Airtel launched India's first AI-powered spam detection solution to protect its 300M+ users from spam and fraud calls and SMS. The models behind it depend on large volumes of telecom network data being integrated, processed and served reliably.

Problem

Telecom-scale data had to be turned into feature-ready datasets for ML, served from a low-latency store, and kept in sync with the analytical layer, all on shared YARN clusters.

My role

I contributed to the platform's system architecture, telecom-network data integration, feature-ready datasets for ML and Aerospike-backed serving.

Approach & architecture

  • Integrates telecom network data into the platform's processing layer.
  • Builds feature-ready datasets for the spam and fraud ML models.
  • Serves data from Aerospike.
  • Bulk dumps from Aerospike are loaded into Hive, orchestrated with Airflow on large YARN clusters.
Telecom network datanetwork integrationProcessingPySpark · Ab InitioFeature datasetsHiveML modelsspam & fraudServingAerospikeBulk dump → HiveAirflow on YARN
Telecom network data flows into a processing layer built on PySpark and Ab Initio, producing feature-ready datasets in Hive for the ML models.
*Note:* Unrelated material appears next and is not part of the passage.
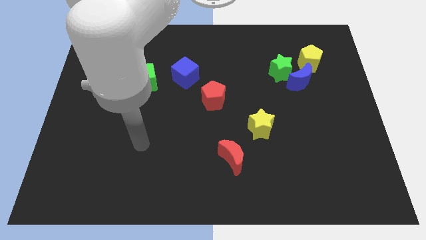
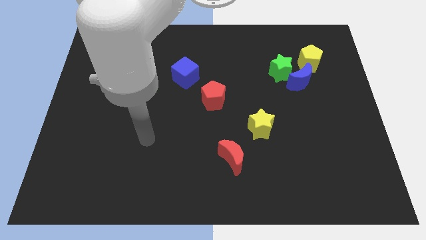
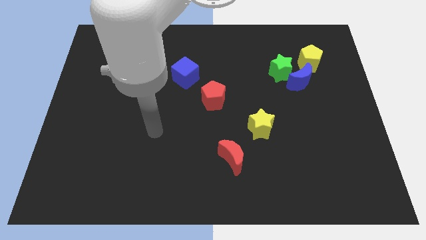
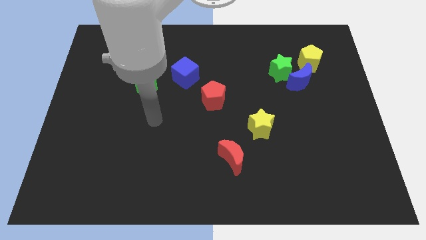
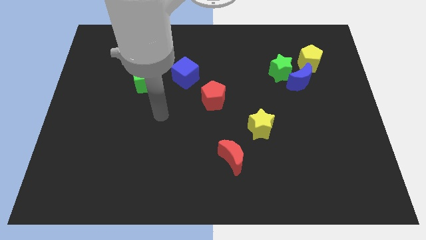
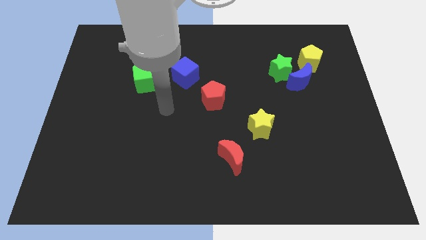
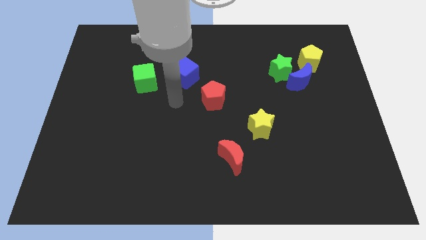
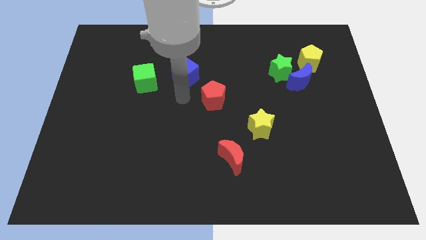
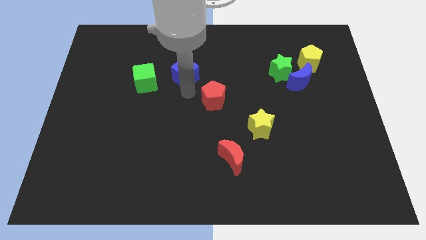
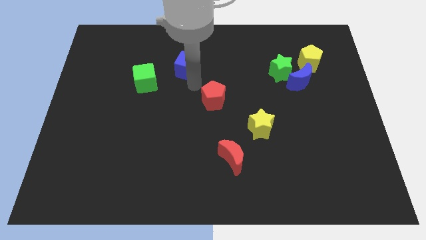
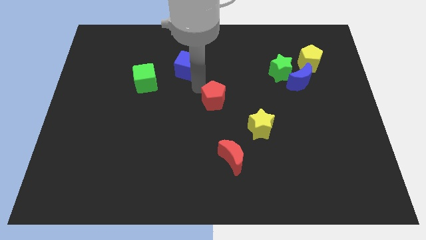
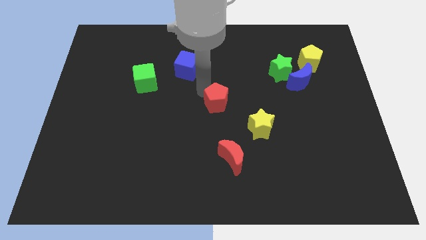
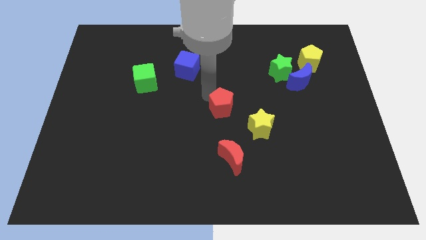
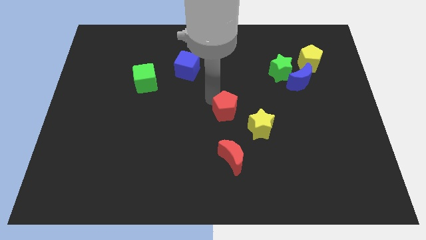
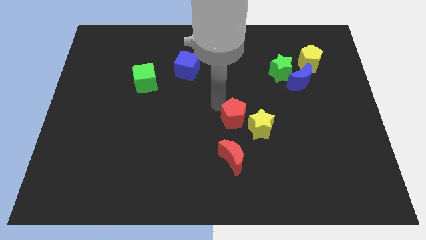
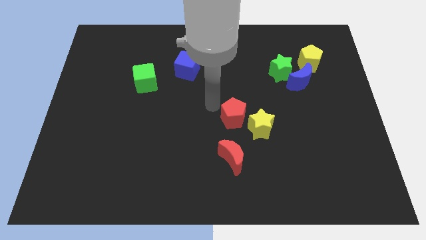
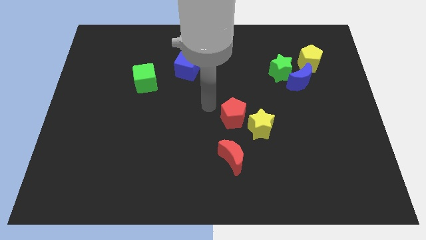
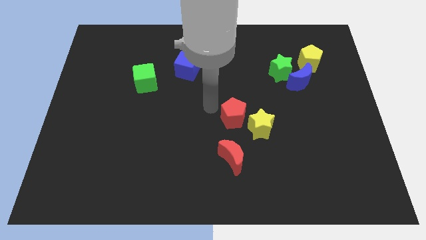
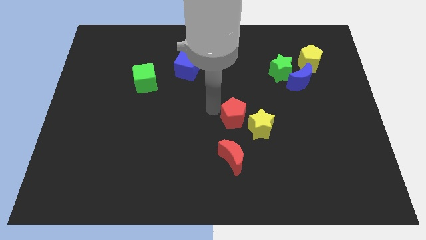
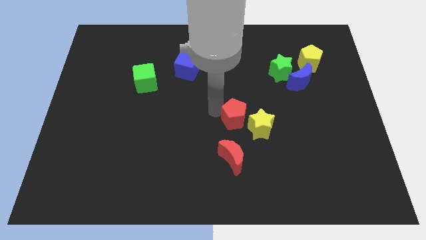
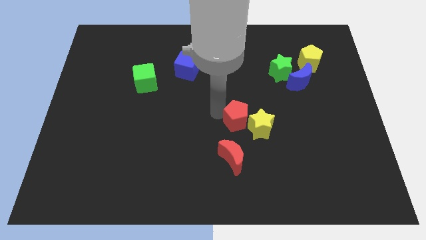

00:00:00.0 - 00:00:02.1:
push the red pentagon towards the yellow star

Serving is backed by Aerospike, and bulk dumps from Aerospike are loaded back into Hive by Airflow on YARN.

Results

  • Contributed to India's first AI-powered spam detection solution, protecting 300M+ Airtel users.
  • Aerospike bulk dumps loaded into Hive on large YARN clusters, orchestrated with Airflow.

Tech stack

  • PySpark
  • Hive
  • Aerospike
  • Airflow
  • YARN
  • Ab Initio
  • ML features

What I'd do next

  • Extend data-quality and drift checks to every serving-path dataset.
  • Add end-to-end data lineage from network sources to model features.